Selected First Quarter 2023 Financial Results
For the quarter ended December 31, 2022, total investment income was $4.7 million, of which $4.6 million was attributable to portfolio interest and dividend income and $0.1 million was attributable to fee and other income.
For the quarter ended December 31, 2022, total net expenses were $3.1 million and total net investment income was $1.6 million.
For the quarter ended December 31, 2022, the Company recorded a net realized gain of $13k and net unrealized gain of $2.3 million, due largely to market volatility in various investments.
Portfolio and Investment Activities
As of December 31, 2022, the fair value of the Company’s investment portfolio totaled $183.3 million and consisted of 43 portfolio companies.
As of December 31, 2022, the Company had 5 portfolio company investments on non-accrual status with a fair market value of $5.4 million.
Liquidity and Capital Resources
At December 31, 2022, the Company had $17.6 million in cash and cash equivalents and $57.5 million and $22.5 million outstanding in aggregate principal amount of its 5.25% unsecured notes due 2028 and 6.125% unsecured notes due 2023, respectively.
ABOUT PHENIXFIN CORPORATION
PhenixFIN Corporation is a non-diversified, internally managed closed-end management investment company incorporated in Delaware that has elected to be regulated as a business development company under the Investment Company Act of 1940, as amended. We completed our initial public offering and commenced operations on January 20, 2011. The Company has elected, and intends to qualify annually, to be treated, for U.S. federal income tax purposes, as a regulated investment company under Subchapter M of the Internal Revenue Code of 1986, as amended. Effective January 1, 2021, the Company operates under an internalized management structure.

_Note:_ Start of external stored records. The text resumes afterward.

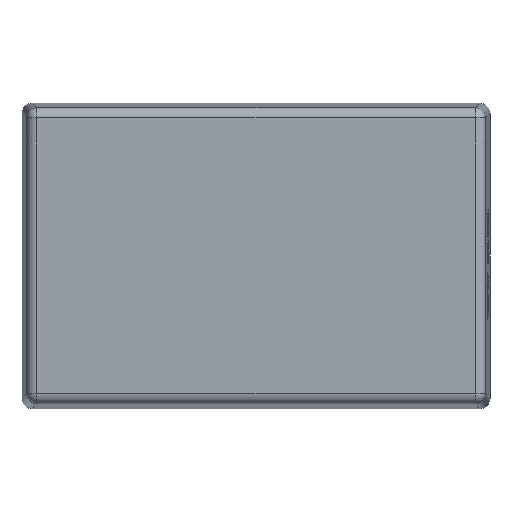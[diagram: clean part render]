
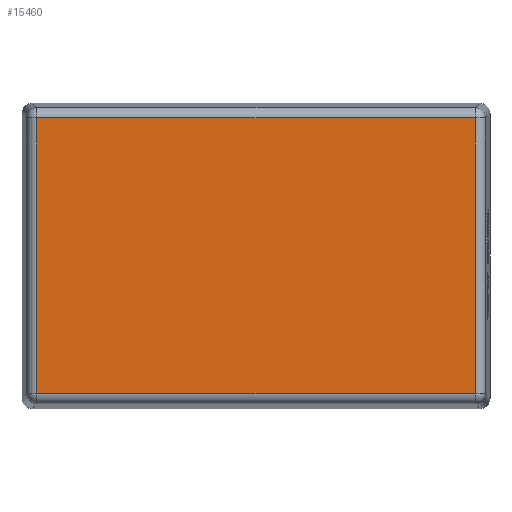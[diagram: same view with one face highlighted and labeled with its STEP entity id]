
A CAD part, top view. The second image highlights one B-rep face of the part: STEP entity #15460.
In plain terms, the highlighted planar face has unit normal (0, 0, 1).
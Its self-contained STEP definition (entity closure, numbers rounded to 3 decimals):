
#269 = CARTESIAN_POINT ( 'NONE',  ( -4.309, 2.709, 2.8 ) ) ;
#308 = EDGE_CURVE ( 'NONE', #6013, #4453, #4733, .T. ) ;
#958 = DIRECTION ( 'NONE',  ( 0., 1., 0. ) ) ;
#1421 = DIRECTION ( 'NONE',  ( 1., 0., 0. ) ) ;
#1612 = ORIENTED_EDGE ( 'NONE', *, *, #4962, .T. ) ;
#2158 = CARTESIAN_POINT ( 'NONE',  ( 0., 0., 2.8 ) ) ;
#2421 = CARTESIAN_POINT ( 'NONE',  ( 0., -2.709, 2.8 ) ) ;
#3163 = PLANE ( 'NONE',  #11865 ) ;
#3400 = ORIENTED_EDGE ( 'NONE', *, *, #13153, .T. ) ;
#3433 = CARTESIAN_POINT ( 'NONE',  ( 4.309, 0., 2.8 ) ) ;
#3681 = EDGE_CURVE ( 'NONE', #4453, #5391, #14437, .T. ) ;
#4116 = ORIENTED_EDGE ( 'NONE', *, *, #3681, .T. ) ;
#4296 = CARTESIAN_POINT ( 'NONE',  ( 4.309, -2.709, 2.8 ) ) ;
#4453 = VERTEX_POINT ( 'NONE', #10641 ) ;
#4733 = LINE ( 'NONE', #3433, #15073 ) ;
#4962 = EDGE_CURVE ( 'NONE', #12051, #6013, #13503, .T. ) ;
#5391 = VERTEX_POINT ( 'NONE', #269 ) ;
#5567 = VECTOR ( 'NONE', #10561, 1000. ) ;
#6013 = VERTEX_POINT ( 'NONE', #4296 ) ;
#6385 = VECTOR ( 'NONE', #8976, 1000. ) ;
#6402 = LINE ( 'NONE', #12680, #6385 ) ;
#8102 = DIRECTION ( 'NONE',  ( -1., 0., 0. ) ) ;
#8326 = CARTESIAN_POINT ( 'NONE',  ( 0., 2.709, 2.8 ) ) ;
#8339 = FACE_OUTER_BOUND ( 'NONE', #9522, .T. ) ;
#8976 = DIRECTION ( 'NONE',  ( 0., -1., 0. ) ) ;
#9522 = EDGE_LOOP ( 'NONE', ( #3400, #1612, #11760, #4116 ) ) ;
#9663 = CARTESIAN_POINT ( 'NONE',  ( -4.309, -2.709, 2.8 ) ) ;
#10561 = DIRECTION ( 'NONE',  ( -1., 0., 0. ) ) ;
#10641 = CARTESIAN_POINT ( 'NONE',  ( 4.309, 2.709, 2.8 ) ) ;
#11760 = ORIENTED_EDGE ( 'NONE', *, *, #308, .T. ) ;
#11865 = AXIS2_PLACEMENT_3D ( 'NONE', #2158, #13079, #8102 ) ;
#12051 = VERTEX_POINT ( 'NONE', #9663 ) ;
#12680 = CARTESIAN_POINT ( 'NONE',  ( -4.309, 0., 2.8 ) ) ;
#13079 = DIRECTION ( 'NONE',  ( 0., 0., -1. ) ) ;
#13153 = EDGE_CURVE ( 'NONE', #5391, #12051, #6402, .T. ) ;
#13503 = LINE ( 'NONE', #2421, #15979 ) ;
#14437 = LINE ( 'NONE', #8326, #5567 ) ;
#15073 = VECTOR ( 'NONE', #958, 1000. ) ;
#15460 = ADVANCED_FACE ( 'NONE', ( #8339 ), #3163, .F. ) ;
#15979 = VECTOR ( 'NONE', #1421, 1000. ) ;

Safe Harbor Statement and Other Disclosures
This press release contains “forward-looking” statements. Such forward-looking statements reflect current views with respect to future events and financial performance, and the Company may make related oral forward-looking statements on or following the date hereof. These forward-looking statements are subject to the inherent uncertainties in predicting future results and conditions. Certain factors could cause actual results and conditions to differ materially from those projected in these forward-looking statements, including among other things, PhenixFIN’s ability to deliver value to shareholders, increase investment activity, grow the Company, increase net investment income, reduce operating expenses, implement its investment objective, capitalize on investment opportunities, grow its net asset value and perform well in the prevailing market environment, the ability of our portfolio companies to perform well and generate income and other factors that are enumerated in the Company’s periodic filings with the Securities and Exchange Commission. PhenixFIN Corporation disclaims and does not undertake any obligation to update or revise any forward-looking statement in this press release.
Past performance is not a guarantee of future results. The press release contains unaudited financial results. For ease of review, we have excluded the word “approximately” when rounding the results. This press release is for informational purposes only and is not an offer to purchase or a solicitation of an offer to sell shares of PhenixFIN Corporation’s common stock. There can be no assurance that PhenixFIN Corporation will achieve its investment objective.
For PhenixFIN investor relations, please call 212-859-0390. For media inquiries, please contact info@phenixfc.com.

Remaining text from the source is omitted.